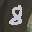
Label: 8
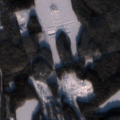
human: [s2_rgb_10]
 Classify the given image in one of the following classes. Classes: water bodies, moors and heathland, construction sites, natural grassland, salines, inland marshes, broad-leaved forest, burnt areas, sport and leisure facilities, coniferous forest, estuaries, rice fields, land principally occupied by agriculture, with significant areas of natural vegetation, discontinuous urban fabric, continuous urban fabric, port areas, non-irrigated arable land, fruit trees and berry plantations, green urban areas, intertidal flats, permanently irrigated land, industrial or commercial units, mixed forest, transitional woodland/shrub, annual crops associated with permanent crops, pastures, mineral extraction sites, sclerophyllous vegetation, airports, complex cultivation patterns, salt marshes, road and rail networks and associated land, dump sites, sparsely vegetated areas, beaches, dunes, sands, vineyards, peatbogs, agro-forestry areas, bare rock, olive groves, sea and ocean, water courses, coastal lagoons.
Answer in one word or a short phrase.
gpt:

● ● ● ●

How to complete this task — From the line containing "Classify the given" to the final line above, output everything. Change nothing and add nothing.

Expected answer —
 Classify the given image in one of the following classes. Classes: water bodies, moors and heathland, construction sites, natural grassland, salines, inland marshes, broad-leaved forest, burnt areas, sport and leisure facilities, coniferous forest, estuaries, rice fields, land principally occupied by agriculture, with significant areas of natural vegetation, discontinuous urban fabric, continuous urban fabric, port areas, non-irrigated arable land, fruit trees and berry plantations, green urban areas, intertidal flats, permanently irrigated land, industrial or commercial units, mixed forest, transitional woodland/shrub, annual crops associated with permanent crops, pastures, mineral extraction sites, sclerophyllous vegetation, airports, complex cultivation patterns, salt marshes, road and rail networks and associated land, dump sites, sparsely vegetated areas, beaches, dunes, sands, vineyards, peatbogs, agro-forestry areas, bare rock, olive groves, sea and ocean, water courses, coastal lagoons.
Answer in one word or a short phrase.
gpt:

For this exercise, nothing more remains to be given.